== AIM OF THE EXERCISE ==
Below is a listing to repeat exactly, with its pictures left out.

== DATA EXTRACT ==
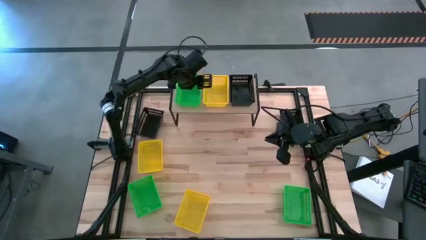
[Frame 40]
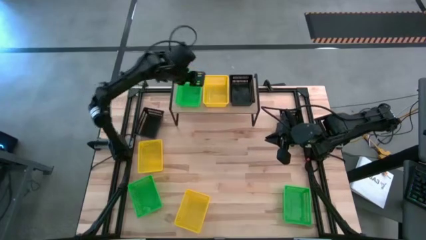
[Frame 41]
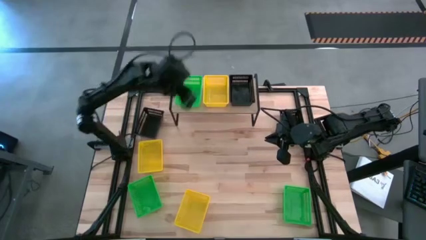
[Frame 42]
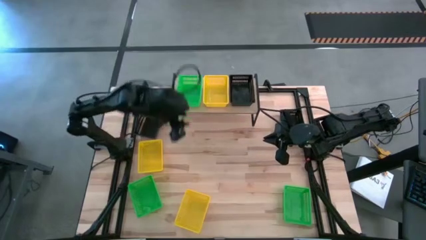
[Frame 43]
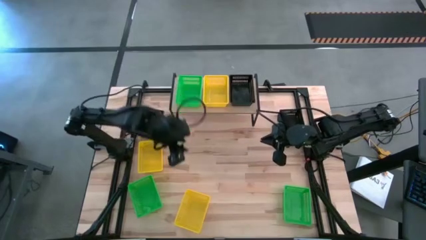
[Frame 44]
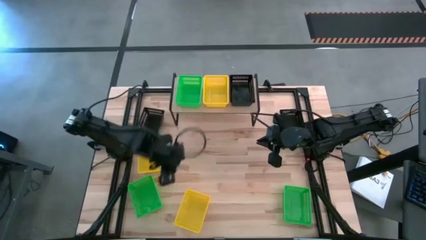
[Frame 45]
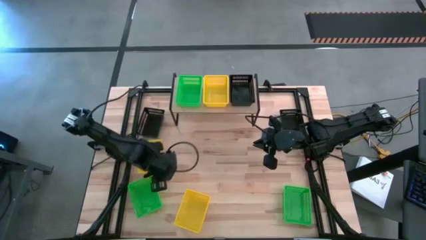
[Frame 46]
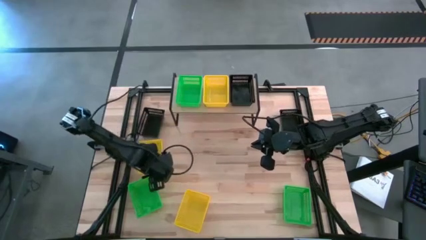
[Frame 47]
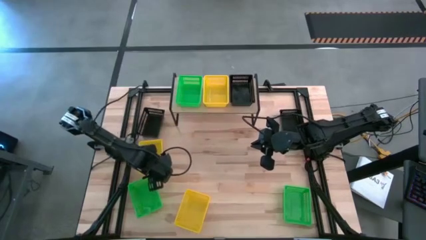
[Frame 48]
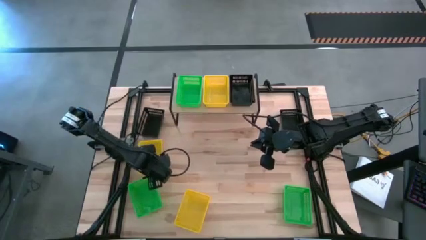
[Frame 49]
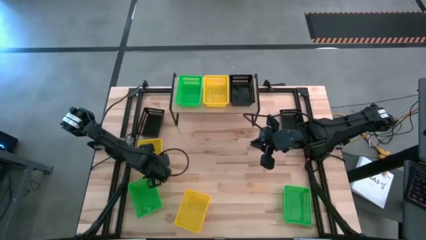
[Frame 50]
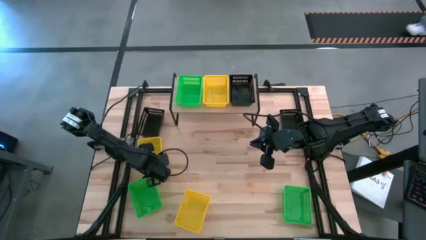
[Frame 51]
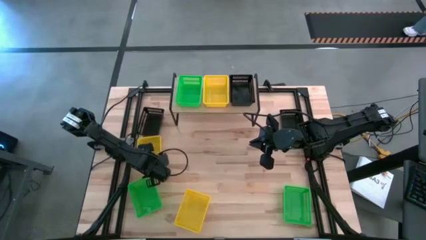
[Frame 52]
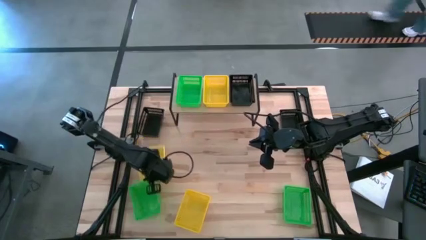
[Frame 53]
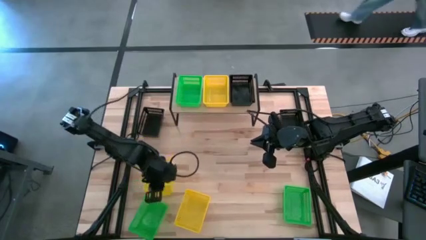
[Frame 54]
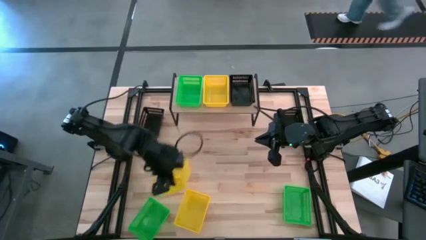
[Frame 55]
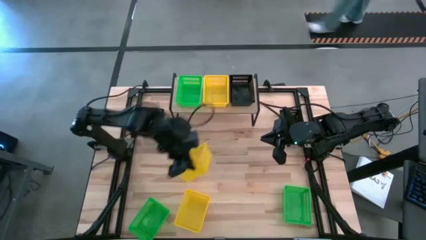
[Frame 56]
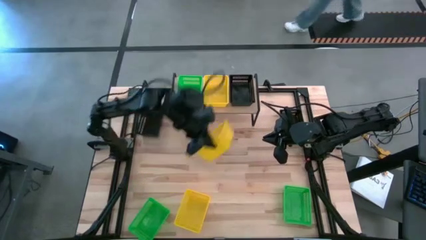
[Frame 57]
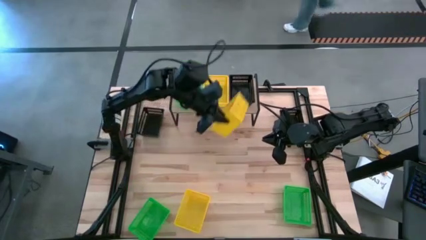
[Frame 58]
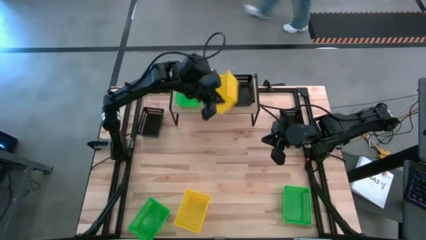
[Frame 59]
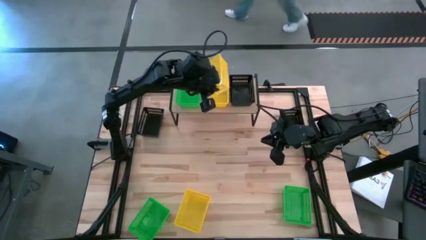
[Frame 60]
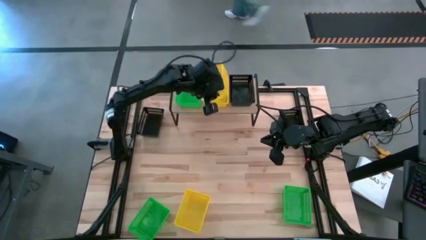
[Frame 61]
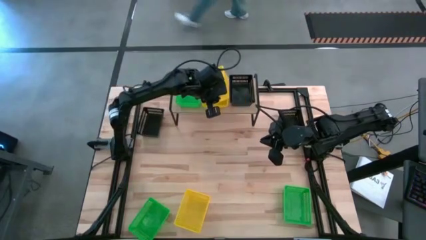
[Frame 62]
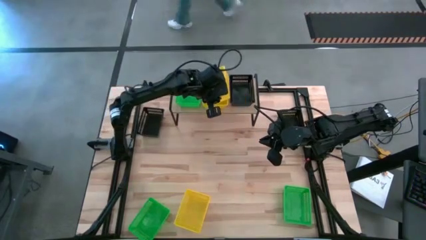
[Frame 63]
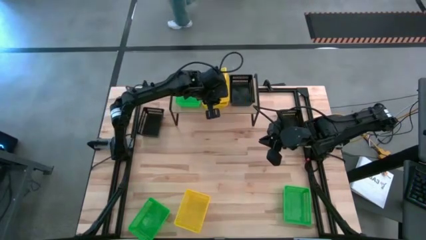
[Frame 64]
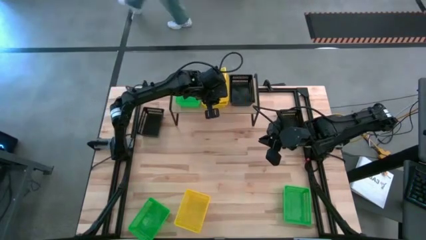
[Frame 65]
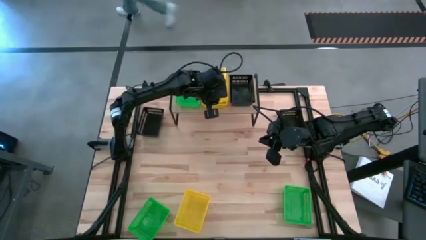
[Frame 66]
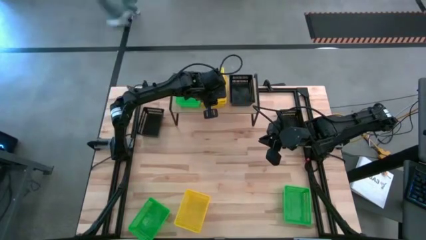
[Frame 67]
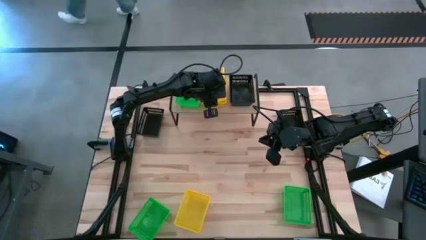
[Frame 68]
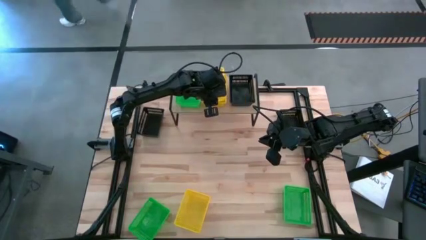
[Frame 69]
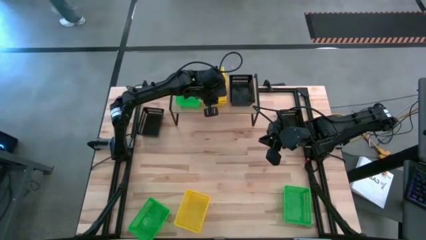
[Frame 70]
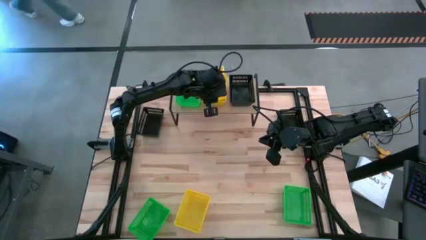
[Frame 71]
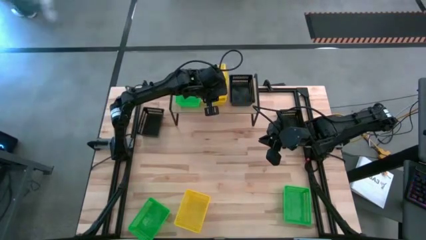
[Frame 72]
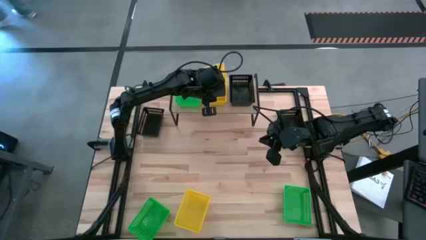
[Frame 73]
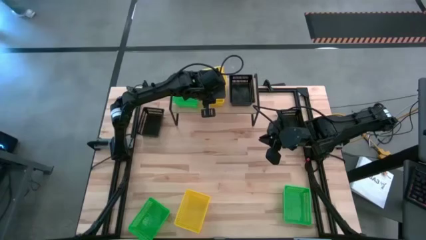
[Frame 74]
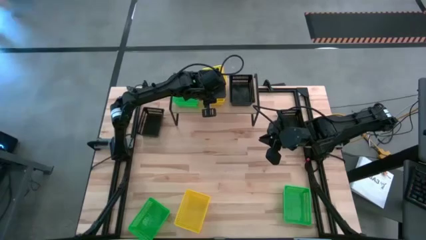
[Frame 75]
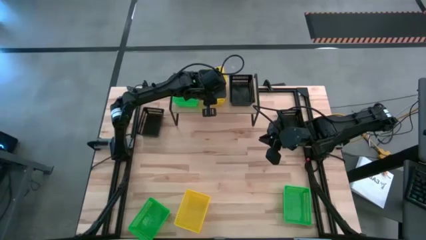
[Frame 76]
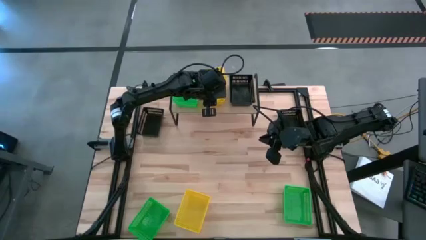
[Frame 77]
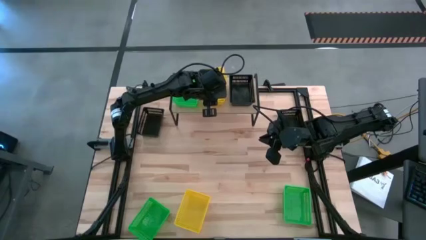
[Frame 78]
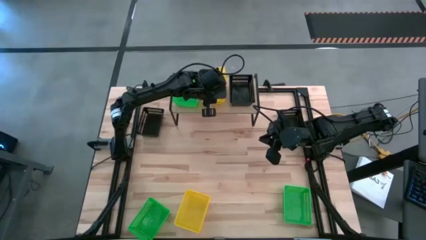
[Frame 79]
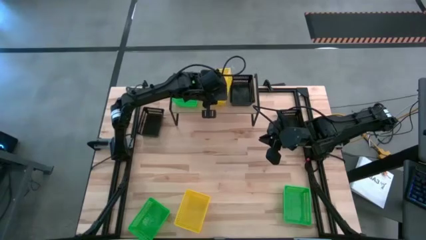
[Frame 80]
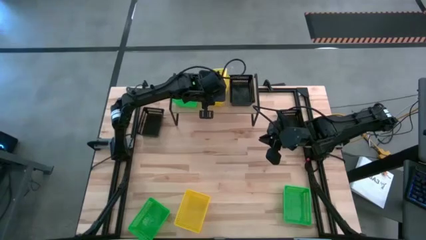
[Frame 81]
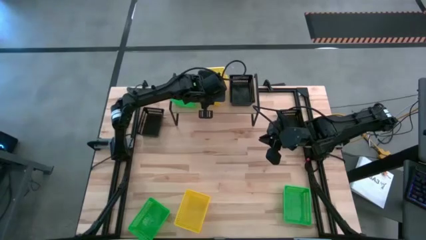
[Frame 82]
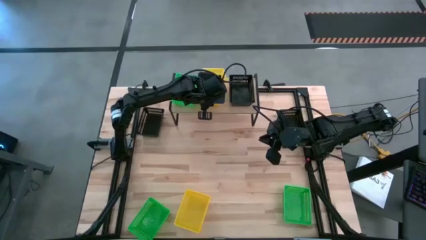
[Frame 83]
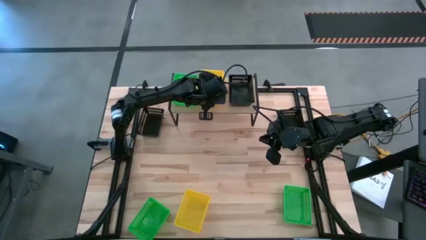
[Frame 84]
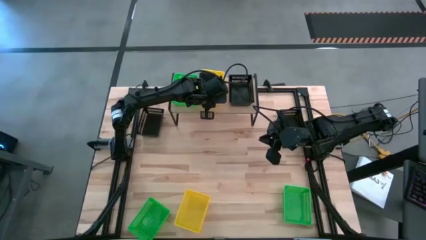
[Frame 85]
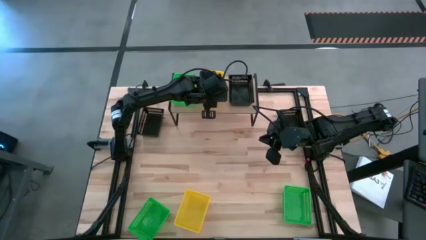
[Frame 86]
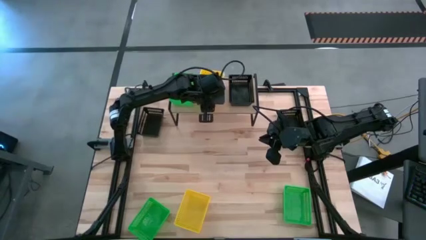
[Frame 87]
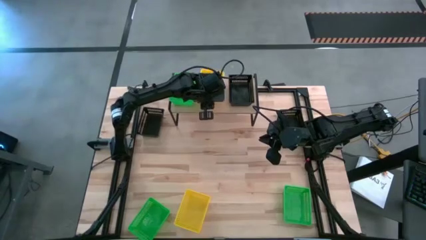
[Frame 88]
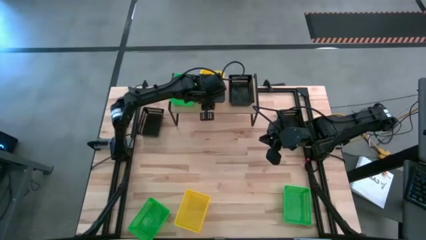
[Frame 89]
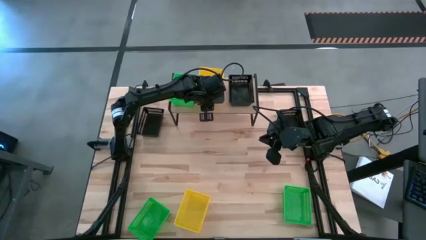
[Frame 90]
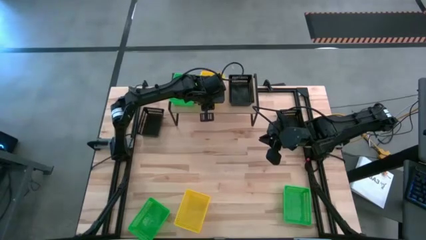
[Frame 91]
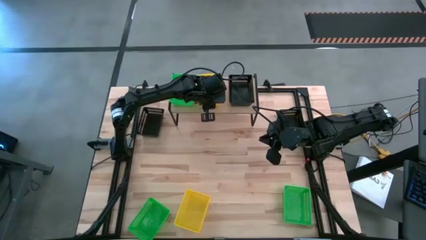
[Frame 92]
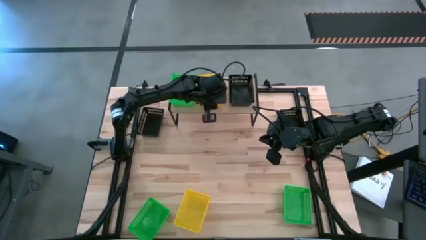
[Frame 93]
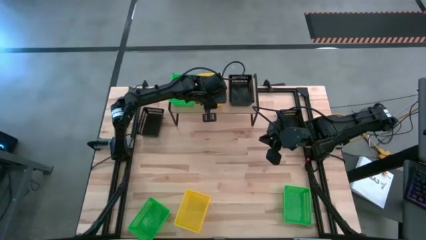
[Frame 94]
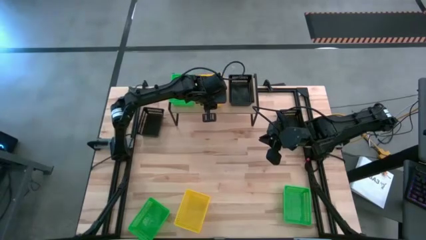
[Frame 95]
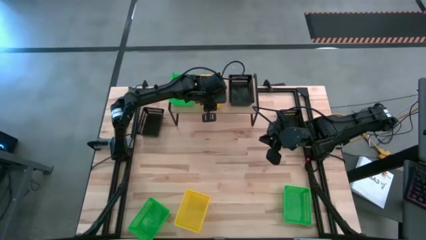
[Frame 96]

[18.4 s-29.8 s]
Task: Stack baskets on shelf by color
Stack the top yellow bin on the yellow bin on the shelf

== ANSWER SECTION ==
[Frame 40]
[Frame 41]
[Frame 42]
[Frame 43]
[Frame 44]
[Frame 45]
[Frame 46]
[Frame 47]
[Frame 48]
[Frame 49]
[Frame 50]
[Frame 51]
[Frame 52]
[Frame 53]
[Frame 54]
[Frame 55]
[Frame 56]
[Frame 57]
[Frame 58]
[Frame 59]
[Frame 60]
[Frame 61]
[Frame 62]
[Frame 63]
[Frame 64]
[Frame 65]
[Frame 66]
[Frame 67]
[Frame 68]
[Frame 69]
[Frame 70]
[Frame 71]
[Frame 72]
[Frame 73]
[Frame 74]
[Frame 75]
[Frame 76]
[Frame 77]
[Frame 78]
[Frame 79]
[Frame 80]
[Frame 81]
[Frame 82]
[Frame 83]
[Frame 84]
[Frame 85]
[Frame 86]
[Frame 87]
[Frame 88]
[Frame 89]
[Frame 90]
[Frame 91]
[Frame 92]
[Frame 93]
[Frame 94]
[Frame 95]
[Frame 96]

[18.4 s-29.8 s]
Task: Stack baskets on shelf by color
Stack the top yellow bin on the yellow bin on the shelf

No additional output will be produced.